K-积分模意义下折线模糊神经网络的泛逼近性

为克服模糊数运算的复杂性引入折线模糊数的定义,利用折线模糊数的优良性质获得了两个重要不等式,并给出实例说明折线模糊数的逼近能力有效.其次,引进K-拟可加积分和K-积分模概念,在折线模糊数空间满足可分性的基础上,借助于模糊值简单函数和模糊值Bernstein多项式研究了若干函数空间的稠密性问题,获得了可积有界模糊值函数类依K-积分模构成完备可分的度量空间.最后,在K-积分模意义下讨论了四层正则折线模糊神经网络对模糊值简单函数的泛逼近性,进而得到该网络对可积有界函数类也具有泛逼近性.该结果表明正则折线模糊神经网络对连续模糊系统的逼近能力可以推广为对一般可积系统的逼近能力.

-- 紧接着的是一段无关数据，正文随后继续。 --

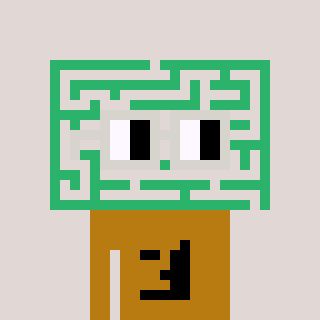
a pixel art character with square light gray glasses, a maze-shaped head and a gold-colored body on a warm background
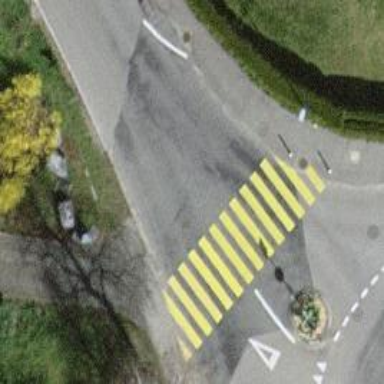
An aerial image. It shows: Marked crossing with zebra stripes on the road.
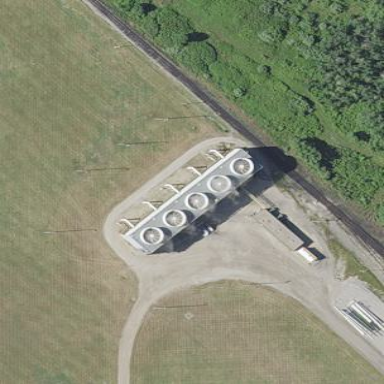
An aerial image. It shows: Industrial building used for cooling purposes.

Universal approximation of polygonal fuzzy neural networks in sense of K-integral norms

In this paper,we introduce polygonal fuzzy numbers to overcome the operational complexity of ordinary fuzzy numbers,and obtain two important inequalities by taking advantage of their fine properties.By presenting an actual example,we demonstrate that the approximation capability of polygonal fuzzy numbers is efficient.Furthermore,the concepts of K-quasi-additive integrals and K-integral norms are introduced.Whenever the polygonal fuzzy numbers space satisfies separability,the density problems for several functions spaces can be studied,by means of fuzzy-valued simple functions and fuzzy-valued Bernstein polynomials.We establish that the class of the integrally-bounded fuzzy-valued functions spans a complete and separable metric space in the K-integral norms.Finally,in the sense of K-integral norms,the universal approximation of four-layer regular polygonal fuzzy neural networks for fuzzy-valued simple functions is discussed.Furthermore,we show that this type of networks also possesses universal approximation for the class of integrally-bounded fuzzy-valued functions.This result indicates that the approximation capability which regular polygonal fuzzy neural networks for continuous fuzzy systems can be extended as for general integrable systems.